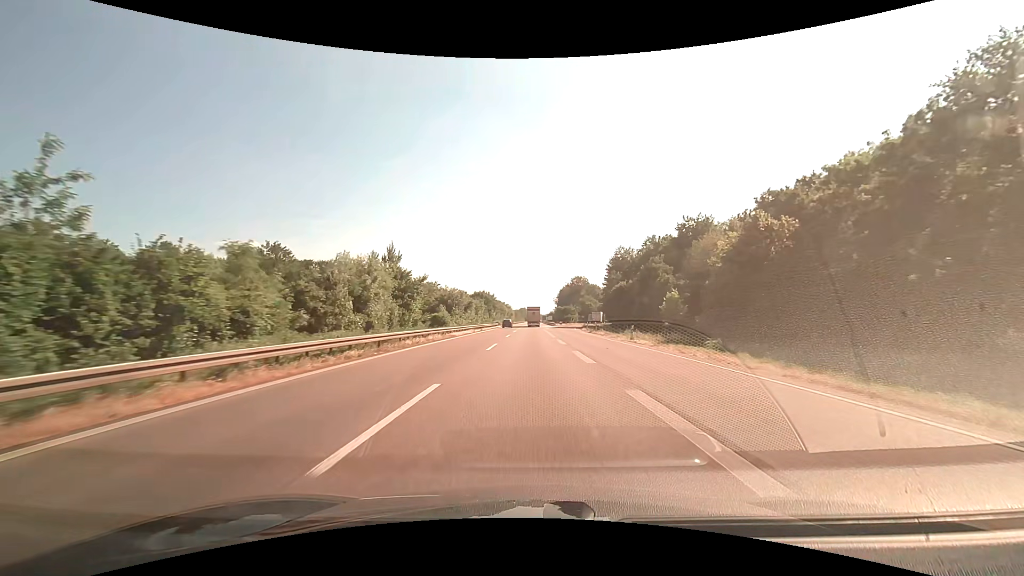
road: motorway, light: Day
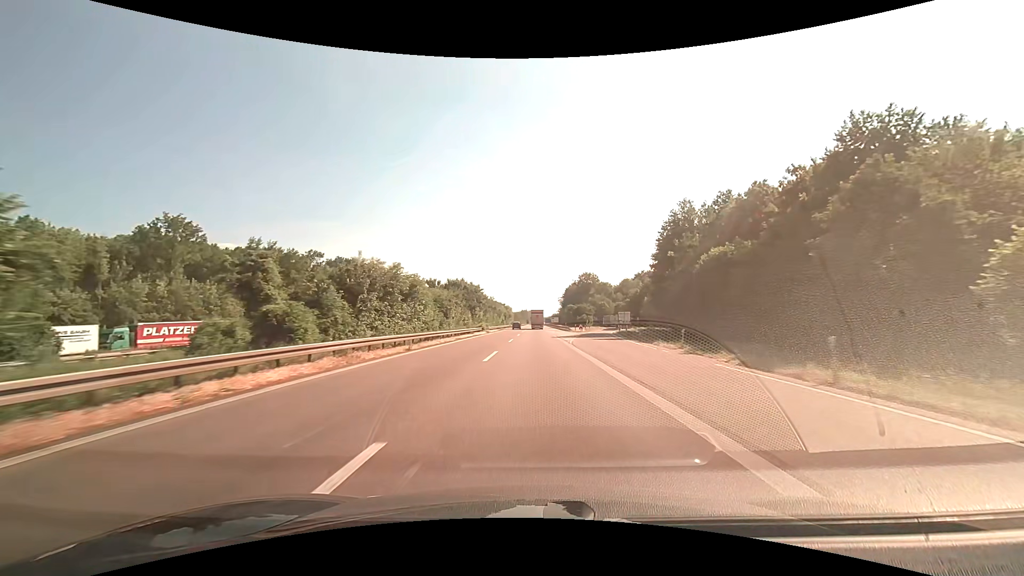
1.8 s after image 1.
(-0.2, +40.7) m; 0°
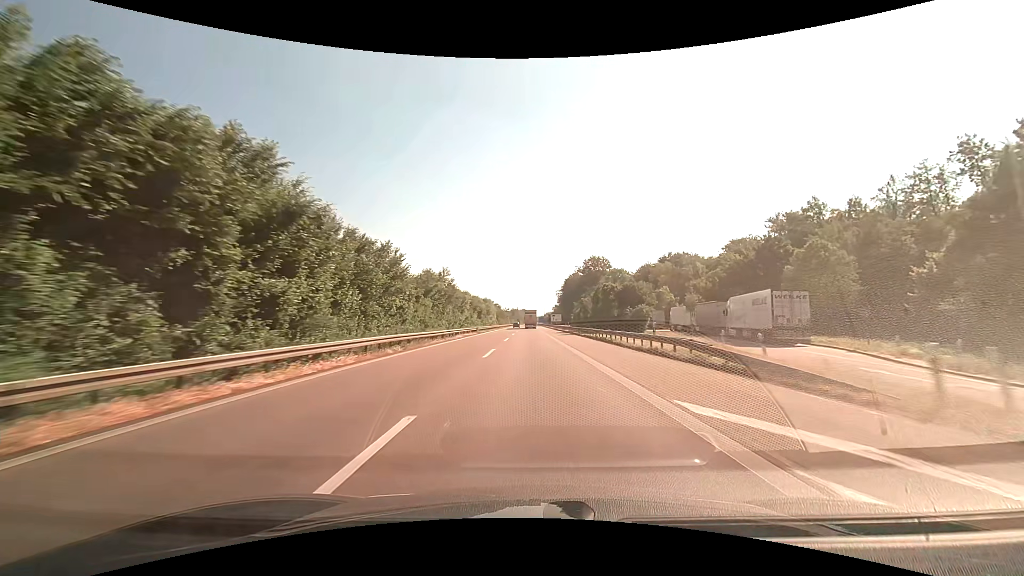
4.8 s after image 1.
(+0.7, +70.1) m; +1°
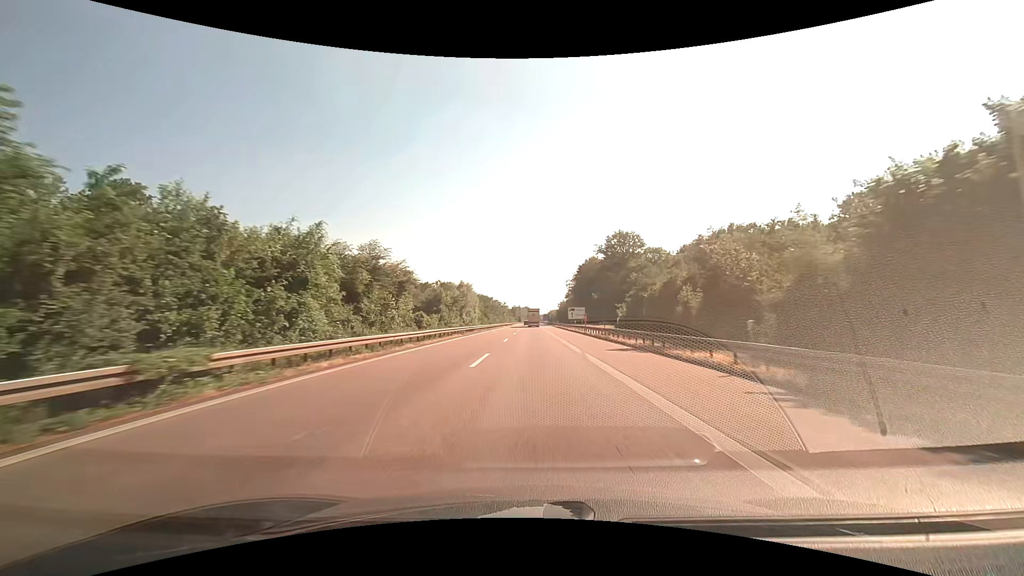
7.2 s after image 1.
(-0.1, +58.5) m; 0°
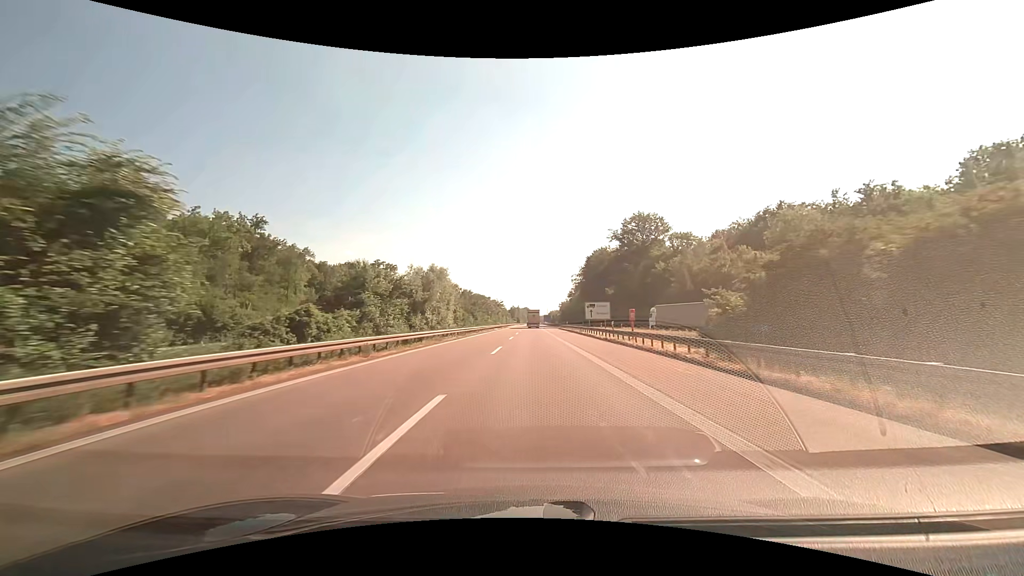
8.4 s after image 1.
(0.0, +29.3) m; 0°
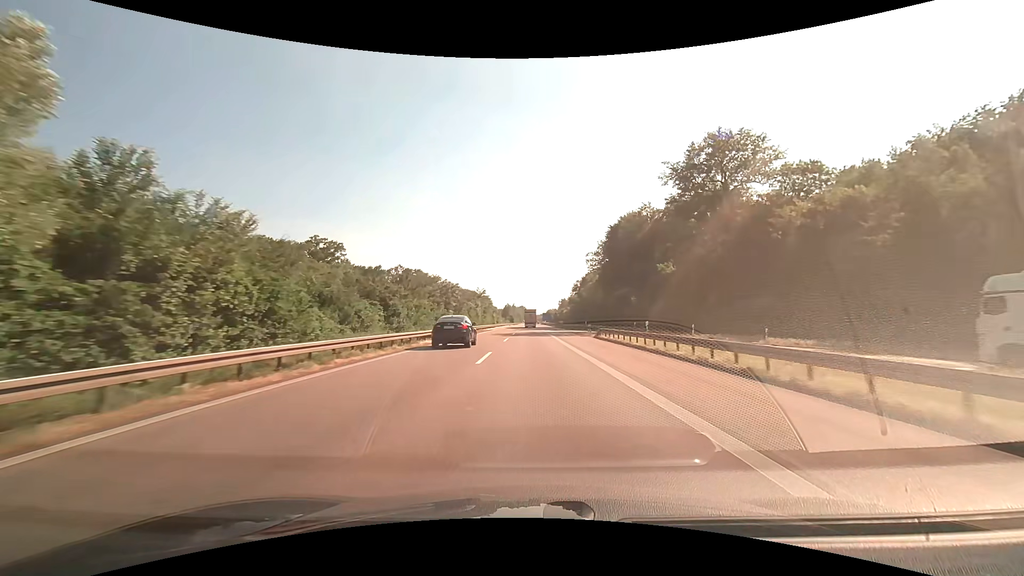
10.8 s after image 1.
(+0.3, +58.7) m; 0°

*PROBLEM TO WORK ON:*
Return the material exactly as written, except for any pictures it holds.

*ANSWER BELOW:*
road: motorway, light: Day
1.8 s after image 1.
(-0.2, +40.7) m; 0°
4.8 s after image 1.
(+0.7, +70.1) m; +1°
7.2 s after image 1.
(-0.1, +58.5) m; 0°
8.4 s after image 1.
(0.0, +29.3) m; 0°
10.8 s after image 1.
(+0.3, +58.7) m; 0°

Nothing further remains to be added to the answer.